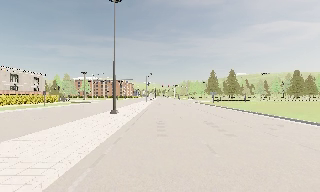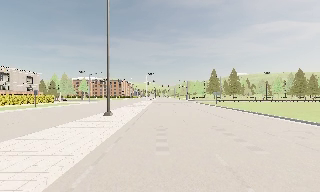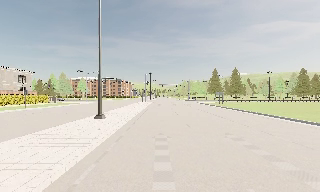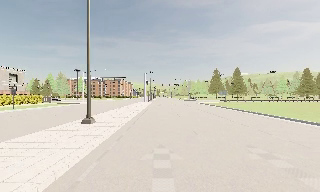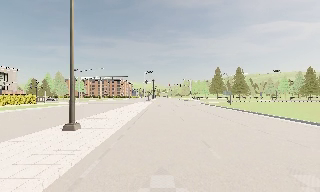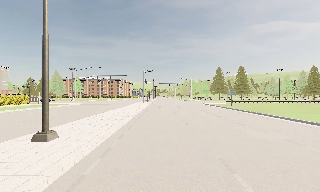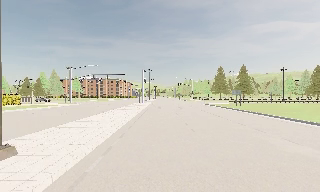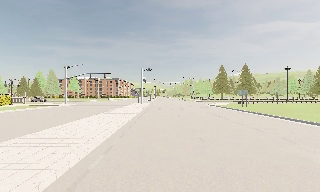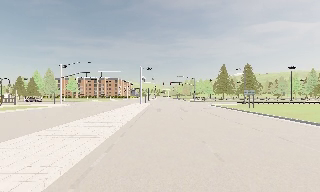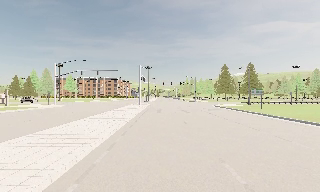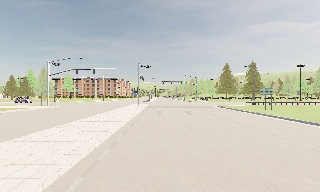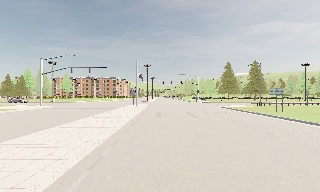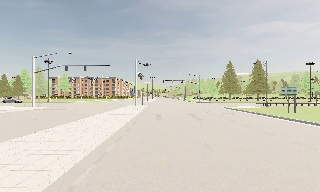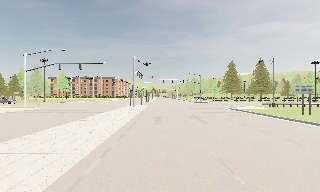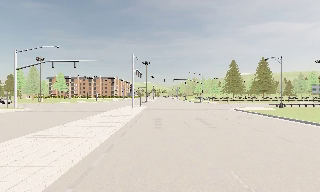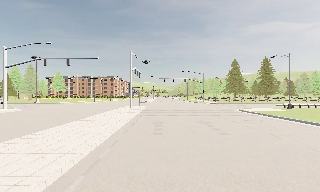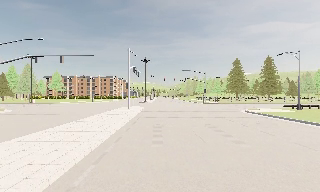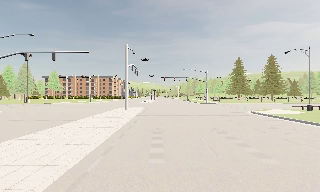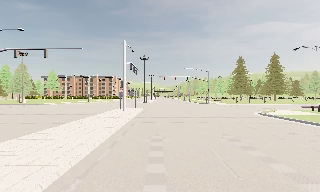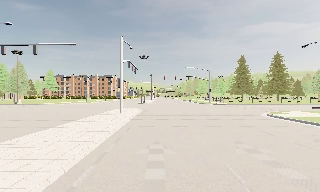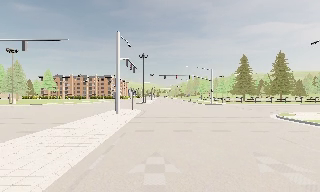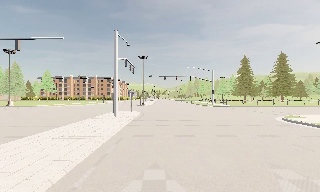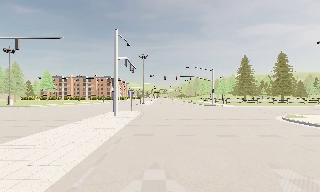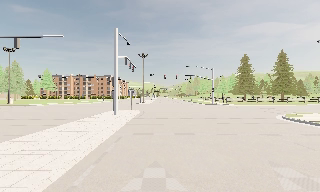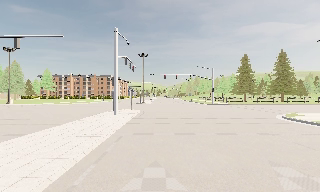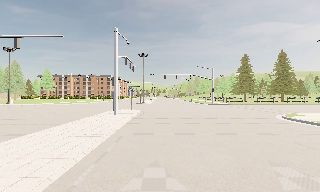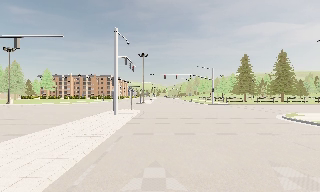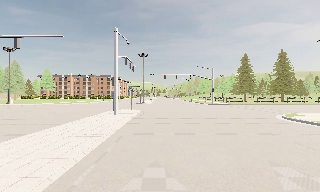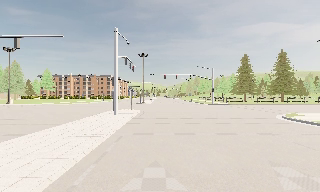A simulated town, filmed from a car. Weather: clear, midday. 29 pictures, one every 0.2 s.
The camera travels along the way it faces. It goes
forward.
0.0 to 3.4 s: The camera travels forward, about 30 m, so what stands in front looms larger.
3.4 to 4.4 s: The camera travels forward, about 4.5 m, so what stands in front looms larger. It loses speed.
4.4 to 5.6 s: The camera keeps its place and its aim.
The film runs forward here.

##########

> _Task directions_:
Would you please repeat the lines from the one with "The camera travels along" through the last line of the listing above, exactly and with nothing else?

> _Answer_:
The camera travels along the way it faces. It goes
forward.
0.0 to 3.4 s: The camera travels forward, about 30 m, so what stands in front looms larger.
3.4 to 4.4 s: The camera travels forward, about 4.5 m, so what stands in front looms larger. It loses speed.
4.4 to 5.6 s: The camera keeps its place and its aim.
The film runs forward here.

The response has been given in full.